[Entries provided Boundary: Start]

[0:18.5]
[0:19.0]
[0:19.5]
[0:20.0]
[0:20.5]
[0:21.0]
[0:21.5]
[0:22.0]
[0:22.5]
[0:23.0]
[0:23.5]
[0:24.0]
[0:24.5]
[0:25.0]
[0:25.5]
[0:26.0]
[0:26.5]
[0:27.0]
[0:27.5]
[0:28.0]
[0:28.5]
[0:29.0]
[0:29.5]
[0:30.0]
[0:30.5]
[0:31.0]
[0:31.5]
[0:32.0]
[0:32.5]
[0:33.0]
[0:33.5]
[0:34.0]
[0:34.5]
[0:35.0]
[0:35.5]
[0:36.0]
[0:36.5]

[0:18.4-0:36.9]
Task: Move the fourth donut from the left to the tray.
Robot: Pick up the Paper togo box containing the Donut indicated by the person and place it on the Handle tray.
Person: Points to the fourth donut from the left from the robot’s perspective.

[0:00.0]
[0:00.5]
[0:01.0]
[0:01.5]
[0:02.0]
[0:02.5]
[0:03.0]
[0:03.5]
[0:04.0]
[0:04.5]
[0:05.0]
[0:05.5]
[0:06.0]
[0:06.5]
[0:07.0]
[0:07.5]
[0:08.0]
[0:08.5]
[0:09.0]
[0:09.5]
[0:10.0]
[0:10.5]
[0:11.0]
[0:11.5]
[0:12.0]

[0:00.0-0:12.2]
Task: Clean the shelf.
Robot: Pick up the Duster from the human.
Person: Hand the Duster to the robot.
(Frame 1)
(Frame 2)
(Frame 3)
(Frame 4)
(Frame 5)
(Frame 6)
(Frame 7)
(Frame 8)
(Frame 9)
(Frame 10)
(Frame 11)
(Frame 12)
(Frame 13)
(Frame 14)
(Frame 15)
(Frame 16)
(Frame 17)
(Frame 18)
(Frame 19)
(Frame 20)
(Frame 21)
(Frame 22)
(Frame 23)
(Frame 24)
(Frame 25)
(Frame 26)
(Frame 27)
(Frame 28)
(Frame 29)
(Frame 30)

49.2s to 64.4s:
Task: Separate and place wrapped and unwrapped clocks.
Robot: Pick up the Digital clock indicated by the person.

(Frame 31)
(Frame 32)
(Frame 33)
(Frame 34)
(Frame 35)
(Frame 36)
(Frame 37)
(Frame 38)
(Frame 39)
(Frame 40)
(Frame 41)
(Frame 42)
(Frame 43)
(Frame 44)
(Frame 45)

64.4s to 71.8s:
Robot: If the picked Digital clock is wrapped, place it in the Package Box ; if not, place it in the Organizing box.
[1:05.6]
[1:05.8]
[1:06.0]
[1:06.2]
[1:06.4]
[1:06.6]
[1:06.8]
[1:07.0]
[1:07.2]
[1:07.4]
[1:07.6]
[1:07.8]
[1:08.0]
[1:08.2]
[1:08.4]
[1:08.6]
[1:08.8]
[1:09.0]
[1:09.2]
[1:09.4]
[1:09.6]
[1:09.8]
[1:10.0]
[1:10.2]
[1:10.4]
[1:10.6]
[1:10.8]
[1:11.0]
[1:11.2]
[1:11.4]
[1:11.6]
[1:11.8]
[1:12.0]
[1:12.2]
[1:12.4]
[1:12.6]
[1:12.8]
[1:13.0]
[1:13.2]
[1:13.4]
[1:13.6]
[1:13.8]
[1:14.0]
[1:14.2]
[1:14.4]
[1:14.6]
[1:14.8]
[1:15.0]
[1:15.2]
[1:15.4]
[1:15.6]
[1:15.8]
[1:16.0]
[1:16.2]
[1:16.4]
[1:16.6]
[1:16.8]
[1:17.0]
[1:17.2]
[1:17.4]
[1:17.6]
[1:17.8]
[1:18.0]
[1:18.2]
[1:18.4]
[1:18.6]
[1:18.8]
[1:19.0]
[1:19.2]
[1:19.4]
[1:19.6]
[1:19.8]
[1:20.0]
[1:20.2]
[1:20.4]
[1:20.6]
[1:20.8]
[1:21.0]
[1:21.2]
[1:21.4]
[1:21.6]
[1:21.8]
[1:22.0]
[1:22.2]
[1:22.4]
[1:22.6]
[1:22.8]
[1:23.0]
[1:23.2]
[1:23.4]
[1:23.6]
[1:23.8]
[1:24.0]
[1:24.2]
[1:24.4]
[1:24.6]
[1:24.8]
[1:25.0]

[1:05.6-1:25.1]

[Entries provided Boundary: End]

#### Directions
Your answer must be the full set of records above, reproduced exactly.

#### Task response
[0:18.5]
[0:19.0]
[0:19.5]
[0:20.0]
[0:20.5]
[0:21.0]
[0:21.5]
[0:22.0]
[0:22.5]
[0:23.0]
[0:23.5]
[0:24.0]
[0:24.5]
[0:25.0]
[0:25.5]
[0:26.0]
[0:26.5]
[0:27.0]
[0:27.5]
[0:28.0]
[0:28.5]
[0:29.0]
[0:29.5]
[0:30.0]
[0:30.5]
[0:31.0]
[0:31.5]
[0:32.0]
[0:32.5]
[0:33.0]
[0:33.5]
[0:34.0]
[0:34.5]
[0:35.0]
[0:35.5]
[0:36.0]
[0:36.5]

[0:18.4-0:36.9]
Task: Move the fourth donut from the left to the tray.
Robot: Pick up the Paper togo box containing the Donut indicated by the person and place it on the Handle tray.
Person: Points to the fourth donut from the left from the robot’s perspective.

[0:00.0]
[0:00.5]
[0:01.0]
[0:01.5]
[0:02.0]
[0:02.5]
[0:03.0]
[0:03.5]
[0:04.0]
[0:04.5]
[0:05.0]
[0:05.5]
[0:06.0]
[0:06.5]
[0:07.0]
[0:07.5]
[0:08.0]
[0:08.5]
[0:09.0]
[0:09.5]
[0:10.0]
[0:10.5]
[0:11.0]
[0:11.5]
[0:12.0]

[0:00.0-0:12.2]
Task: Clean the shelf.
Robot: Pick up the Duster from the human.
Person: Hand the Duster to the robot.
(Frame 1)
(Frame 2)
(Frame 3)
(Frame 4)
(Frame 5)
(Frame 6)
(Frame 7)
(Frame 8)
(Frame 9)
(Frame 10)
(Frame 11)
(Frame 12)
(Frame 13)
(Frame 14)
(Frame 15)
(Frame 16)
(Frame 17)
(Frame 18)
(Frame 19)
(Frame 20)
(Frame 21)
(Frame 22)
(Frame 23)
(Frame 24)
(Frame 25)
(Frame 26)
(Frame 27)
(Frame 28)
(Frame 29)
(Frame 30)

49.2s to 64.4s:
Task: Separate and place wrapped and unwrapped clocks.
Robot: Pick up the Digital clock indicated by the person.

(Frame 31)
(Frame 32)
(Frame 33)
(Frame 34)
(Frame 35)
(Frame 36)
(Frame 37)
(Frame 38)
(Frame 39)
(Frame 40)
(Frame 41)
(Frame 42)
(Frame 43)
(Frame 44)
(Frame 45)

64.4s to 71.8s:
Robot: If the picked Digital clock is wrapped, place it in the Package Box ; if not, place it in the Organizing box.
[1:05.6]
[1:05.8]
[1:06.0]
[1:06.2]
[1:06.4]
[1:06.6]
[1:06.8]
[1:07.0]
[1:07.2]
[1:07.4]
[1:07.6]
[1:07.8]
[1:08.0]
[1:08.2]
[1:08.4]
[1:08.6]
[1:08.8]
[1:09.0]
[1:09.2]
[1:09.4]
[1:09.6]
[1:09.8]
[1:10.0]
[1:10.2]
[1:10.4]
[1:10.6]
[1:10.8]
[1:11.0]
[1:11.2]
[1:11.4]
[1:11.6]
[1:11.8]
[1:12.0]
[1:12.2]
[1:12.4]
[1:12.6]
[1:12.8]
[1:13.0]
[1:13.2]
[1:13.4]
[1:13.6]
[1:13.8]
[1:14.0]
[1:14.2]
[1:14.4]
[1:14.6]
[1:14.8]
[1:15.0]
[1:15.2]
[1:15.4]
[1:15.6]
[1:15.8]
[1:16.0]
[1:16.2]
[1:16.4]
[1:16.6]
[1:16.8]
[1:17.0]
[1:17.2]
[1:17.4]
[1:17.6]
[1:17.8]
[1:18.0]
[1:18.2]
[1:18.4]
[1:18.6]
[1:18.8]
[1:19.0]
[1:19.2]
[1:19.4]
[1:19.6]
[1:19.8]
[1:20.0]
[1:20.2]
[1:20.4]
[1:20.6]
[1:20.8]
[1:21.0]
[1:21.2]
[1:21.4]
[1:21.6]
[1:21.8]
[1:22.0]
[1:22.2]
[1:22.4]
[1:22.6]
[1:22.8]
[1:23.0]
[1:23.2]
[1:23.4]
[1:23.6]
[1:23.8]
[1:24.0]
[1:24.2]
[1:24.4]
[1:24.6]
[1:24.8]
[1:25.0]

[1:05.6-1:25.1]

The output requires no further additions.